Begin with the line in which "The image shows 55" appears and end with the final line of the entries. Retype each one exactly and add nothing.

Data extracted from a collection
+++
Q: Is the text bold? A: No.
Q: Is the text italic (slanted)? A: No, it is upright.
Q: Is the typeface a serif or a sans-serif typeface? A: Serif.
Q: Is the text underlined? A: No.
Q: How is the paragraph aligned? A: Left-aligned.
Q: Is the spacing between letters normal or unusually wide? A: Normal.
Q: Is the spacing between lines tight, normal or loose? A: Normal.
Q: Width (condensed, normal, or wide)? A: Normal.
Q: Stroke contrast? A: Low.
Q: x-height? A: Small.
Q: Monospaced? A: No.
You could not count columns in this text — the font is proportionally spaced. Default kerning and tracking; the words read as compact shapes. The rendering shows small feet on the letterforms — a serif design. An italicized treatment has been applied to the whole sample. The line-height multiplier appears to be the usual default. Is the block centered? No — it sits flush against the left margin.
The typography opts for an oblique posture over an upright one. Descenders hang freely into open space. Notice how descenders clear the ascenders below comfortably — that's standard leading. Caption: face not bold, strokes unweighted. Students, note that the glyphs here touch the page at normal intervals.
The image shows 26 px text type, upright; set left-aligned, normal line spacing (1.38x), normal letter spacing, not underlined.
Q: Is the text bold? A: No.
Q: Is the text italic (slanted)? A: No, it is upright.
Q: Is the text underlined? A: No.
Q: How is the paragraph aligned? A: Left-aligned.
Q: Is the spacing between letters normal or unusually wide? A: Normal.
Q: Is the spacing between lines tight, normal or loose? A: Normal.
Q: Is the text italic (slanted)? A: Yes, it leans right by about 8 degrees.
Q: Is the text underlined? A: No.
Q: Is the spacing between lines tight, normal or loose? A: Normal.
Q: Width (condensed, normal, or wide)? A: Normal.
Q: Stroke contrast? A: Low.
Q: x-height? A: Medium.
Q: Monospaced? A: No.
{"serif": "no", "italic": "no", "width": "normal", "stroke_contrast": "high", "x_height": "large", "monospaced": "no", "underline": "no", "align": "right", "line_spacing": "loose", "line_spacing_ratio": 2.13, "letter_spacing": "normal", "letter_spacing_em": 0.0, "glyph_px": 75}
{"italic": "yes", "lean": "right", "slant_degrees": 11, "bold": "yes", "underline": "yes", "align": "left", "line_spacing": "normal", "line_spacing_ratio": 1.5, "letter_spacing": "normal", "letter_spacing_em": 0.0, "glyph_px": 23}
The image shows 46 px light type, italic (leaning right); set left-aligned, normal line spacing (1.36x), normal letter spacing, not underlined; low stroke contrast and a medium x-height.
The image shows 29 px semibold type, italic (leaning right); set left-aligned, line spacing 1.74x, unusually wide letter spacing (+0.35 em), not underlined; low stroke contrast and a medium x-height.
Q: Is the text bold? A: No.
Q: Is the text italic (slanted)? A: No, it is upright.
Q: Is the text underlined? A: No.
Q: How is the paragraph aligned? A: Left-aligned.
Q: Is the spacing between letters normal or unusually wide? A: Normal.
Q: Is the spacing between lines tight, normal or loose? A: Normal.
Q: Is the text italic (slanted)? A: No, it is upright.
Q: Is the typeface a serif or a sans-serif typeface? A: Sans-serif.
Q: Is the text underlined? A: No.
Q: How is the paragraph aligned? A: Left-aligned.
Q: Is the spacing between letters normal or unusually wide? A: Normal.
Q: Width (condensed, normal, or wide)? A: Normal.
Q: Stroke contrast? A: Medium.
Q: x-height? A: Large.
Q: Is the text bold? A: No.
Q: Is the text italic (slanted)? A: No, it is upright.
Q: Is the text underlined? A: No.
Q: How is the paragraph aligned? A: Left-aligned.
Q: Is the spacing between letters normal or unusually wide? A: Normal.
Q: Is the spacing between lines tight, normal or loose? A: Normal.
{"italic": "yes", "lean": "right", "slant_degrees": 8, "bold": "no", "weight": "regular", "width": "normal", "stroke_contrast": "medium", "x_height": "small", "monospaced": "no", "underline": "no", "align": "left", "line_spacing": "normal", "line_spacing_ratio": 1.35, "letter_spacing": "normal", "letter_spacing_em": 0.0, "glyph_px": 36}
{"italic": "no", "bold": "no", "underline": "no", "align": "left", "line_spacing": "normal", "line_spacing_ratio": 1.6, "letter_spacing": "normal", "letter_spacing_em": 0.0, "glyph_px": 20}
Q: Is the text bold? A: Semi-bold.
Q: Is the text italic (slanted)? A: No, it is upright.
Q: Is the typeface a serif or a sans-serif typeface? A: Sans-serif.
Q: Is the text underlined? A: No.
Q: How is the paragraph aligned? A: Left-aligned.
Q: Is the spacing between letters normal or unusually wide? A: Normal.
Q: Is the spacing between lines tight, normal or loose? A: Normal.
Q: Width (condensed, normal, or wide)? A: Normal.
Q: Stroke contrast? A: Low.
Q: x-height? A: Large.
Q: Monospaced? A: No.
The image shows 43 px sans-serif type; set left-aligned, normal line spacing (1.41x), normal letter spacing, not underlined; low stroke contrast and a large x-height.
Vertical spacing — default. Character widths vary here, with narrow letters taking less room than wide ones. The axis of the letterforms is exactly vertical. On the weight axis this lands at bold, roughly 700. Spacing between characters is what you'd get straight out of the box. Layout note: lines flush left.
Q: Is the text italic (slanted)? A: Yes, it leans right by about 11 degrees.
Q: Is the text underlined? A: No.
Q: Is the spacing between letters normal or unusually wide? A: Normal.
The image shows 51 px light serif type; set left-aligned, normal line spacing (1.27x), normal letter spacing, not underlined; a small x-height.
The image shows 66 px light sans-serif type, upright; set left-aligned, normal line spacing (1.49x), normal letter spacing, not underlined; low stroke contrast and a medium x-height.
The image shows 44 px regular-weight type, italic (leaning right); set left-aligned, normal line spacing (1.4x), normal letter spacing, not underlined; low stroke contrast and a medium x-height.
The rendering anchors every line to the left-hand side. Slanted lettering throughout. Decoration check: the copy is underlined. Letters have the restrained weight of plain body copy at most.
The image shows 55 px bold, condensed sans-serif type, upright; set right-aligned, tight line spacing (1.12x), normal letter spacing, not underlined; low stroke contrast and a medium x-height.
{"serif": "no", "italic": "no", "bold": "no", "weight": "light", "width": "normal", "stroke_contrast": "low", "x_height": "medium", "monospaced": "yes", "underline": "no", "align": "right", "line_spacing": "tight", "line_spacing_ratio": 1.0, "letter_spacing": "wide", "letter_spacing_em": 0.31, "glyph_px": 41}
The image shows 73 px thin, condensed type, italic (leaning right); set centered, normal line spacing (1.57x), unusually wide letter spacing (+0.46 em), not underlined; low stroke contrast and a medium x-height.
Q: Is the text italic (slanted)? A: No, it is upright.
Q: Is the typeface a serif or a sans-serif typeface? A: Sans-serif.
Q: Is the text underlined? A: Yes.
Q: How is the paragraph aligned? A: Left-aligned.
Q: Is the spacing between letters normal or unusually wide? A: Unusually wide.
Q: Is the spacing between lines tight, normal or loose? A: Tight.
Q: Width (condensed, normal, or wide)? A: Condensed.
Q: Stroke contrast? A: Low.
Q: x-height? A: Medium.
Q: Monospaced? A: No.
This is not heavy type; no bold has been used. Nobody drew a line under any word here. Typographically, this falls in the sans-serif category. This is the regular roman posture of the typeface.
+++
**Answer area:**
The image shows 55 px bold, condensed sans-serif type, upright; set right-aligned, tight line spacing (1.12x), normal letter spacing, not underlined; low stroke contrast and a medium x-height.
{"serif": "no", "italic": "no", "bold": "no", "weight": "light", "width": "normal", "stroke_contrast": "low", "x_height": "medium", "monospaced": "yes", "underline": "no", "align": "right", "line_spacing": "tight", "line_spacing_ratio": 1.0, "letter_spacing": "wide", "letter_spacing_em": 0.31, "glyph_px": 41}
The image shows 73 px thin, condensed type, italic (leaning right); set centered, normal line spacing (1.57x), unusually wide letter spacing (+0.46 em), not underlined; low stroke contrast and a medium x-height.
Q: Is the text italic (slanted)? A: No, it is upright.
Q: Is the typeface a serif or a sans-serif typeface? A: Sans-serif.
Q: Is the text underlined? A: Yes.
Q: How is the paragraph aligned? A: Left-aligned.
Q: Is the spacing between letters normal or unusually wide? A: Unusually wide.
Q: Is the spacing between lines tight, normal or loose? A: Tight.
Q: Width (condensed, normal, or wide)? A: Condensed.
Q: Stroke contrast? A: Low.
Q: x-height? A: Medium.
Q: Monospaced? A: No.
This is not heavy type; no bold has been used. Nobody drew a line under any word here. Typographically, this falls in the sans-serif category. This is the regular roman posture of the typeface.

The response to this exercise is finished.